As I said above, I was able to get through every game with little trouble, and I was glad I did.

Games are listed in alphabetical order.

Barry Basic and the Quick Escape

This is a neat production where you must control three teens. One, Barry Basic, has snuck into a control room where he shouldn’t be, and he managed to get locked in. His friends need to help him out. You need to change points of view several times. Games like this where you change perspective usually frustrated me, but this one helped me along really well and still left me the freedom to feel like I was solving stuff.

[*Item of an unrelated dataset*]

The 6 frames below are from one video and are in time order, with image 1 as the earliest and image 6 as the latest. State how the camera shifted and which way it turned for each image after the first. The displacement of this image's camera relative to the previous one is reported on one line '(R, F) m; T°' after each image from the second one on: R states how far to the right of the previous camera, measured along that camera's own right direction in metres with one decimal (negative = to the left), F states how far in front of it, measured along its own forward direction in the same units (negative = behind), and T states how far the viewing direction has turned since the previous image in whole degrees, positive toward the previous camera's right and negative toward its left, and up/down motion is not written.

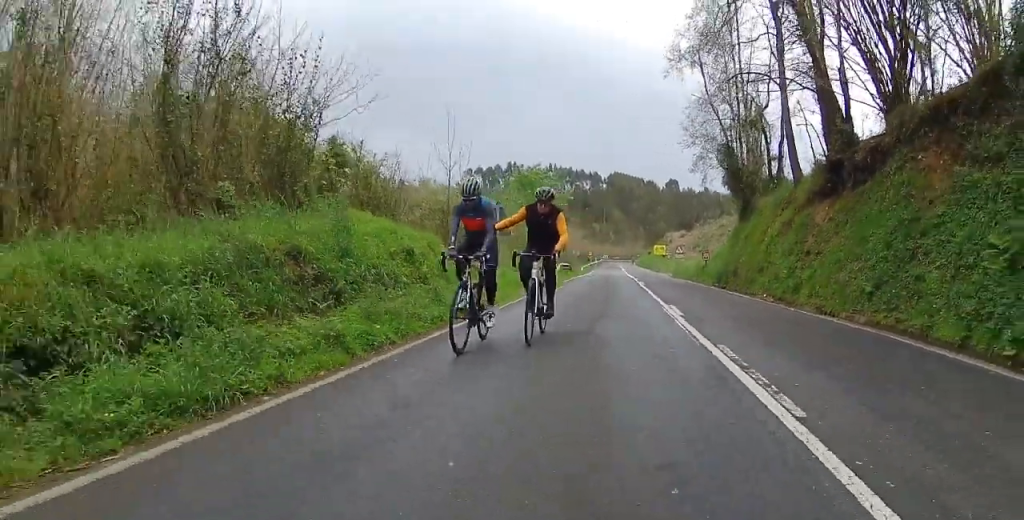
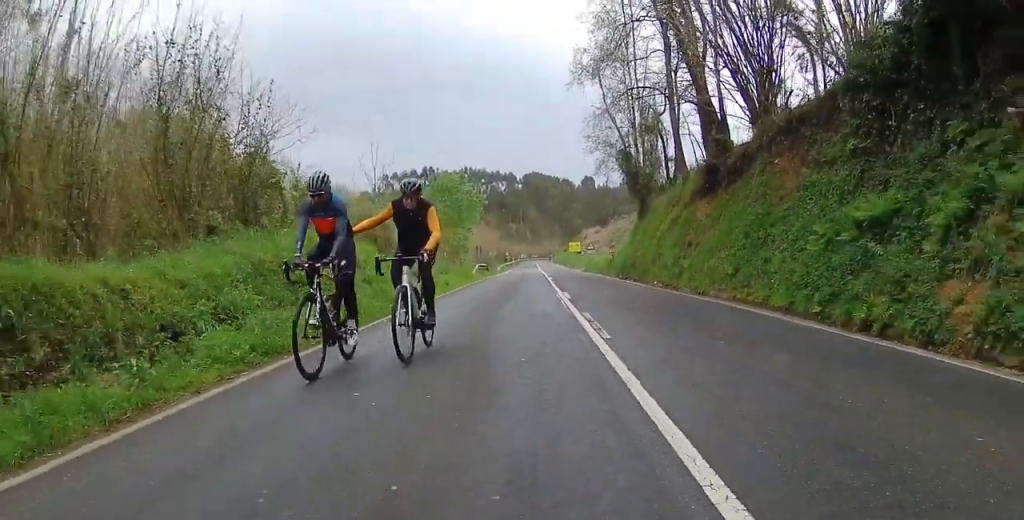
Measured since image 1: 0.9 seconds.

This game had several neat parts: seeing how and why Gill liking English was relevant, having Barry’s more athletic friend Tony need to help him several different ways, and the accomplishments at the end that encourage you to try everything. Each friend-pair also has an interaction that moves the plot forward, and the game never forces pedantry on you. By this, I mean when you’re finally leaving for home, you don’t have to switch between Barry and Gill and Tony.

And I think that’s the sign of a good game. It wants your time, and it requires the effort of seeing how three friends interact, and it lets you do so, but it doesn’t bog you down to stay. It also has a good economy of items–there are enough for good puzzles, but not too many.

Also, the game features a rotary phone. Rotary phones are good for a cheap laugh, but in this case, they’re part of an early plot point. So this is retro/nostalgia done right.

I played this game early on, and it certainly left me optimistic that the others would work well.

The Blue Lettuce

The Blue Lettuce is a game about a groundhog who is looking forward to eating some magical blue lettuce.

I know Caleb Wilson has written some strong efforts before, and I wasn’t disappointed here. The puzzles aren’t tough, and the prose is good. The way through is pretty clearly lit for those who just want to win, but I wasn’t surprised there was more.

I figured how to eat a couple of the vegetables the first time through, and while the puzzles are simple, there’s good variety in them. I also like the responses to eating stuff you don’t like, which rounds things out nicely. There’s nothing crazy, but it all makes sense. Like I wouldn’t expect the groundhog to enjoy grass, and they didn’t.

The crane across the pond is also a neat NPC.

Even though this game seems relatively simple, it had a few in-plain-sight points I didn’t see when I just plowed through the first time, and I don’t mind. I think someone who sits down and diligently tries to enjoy the game should find everything and have fun in the process. It’s also neat that you can get the lettuce and not eat it right away to try everything, and the blue lettuce itself is a neat goal: obviously magical, but not too silly. It reminded me how I liked blue raspberry gelatin or blue ice cream or weird blue candy or bubble gum a lot as a kid, maybe because it was a slightly unnatural color, and I convinced myself it tasted exotic even if it didn’t really.

This game also leverages something simple from Inform that I really like to see: instead of the standard “You can’t go that way” for un-goable directions, a list of which ways you can go. I think implementing this helps me as a developer, and it also provides a fallback for the player in case they don’t read the room description right, or if it is missing something.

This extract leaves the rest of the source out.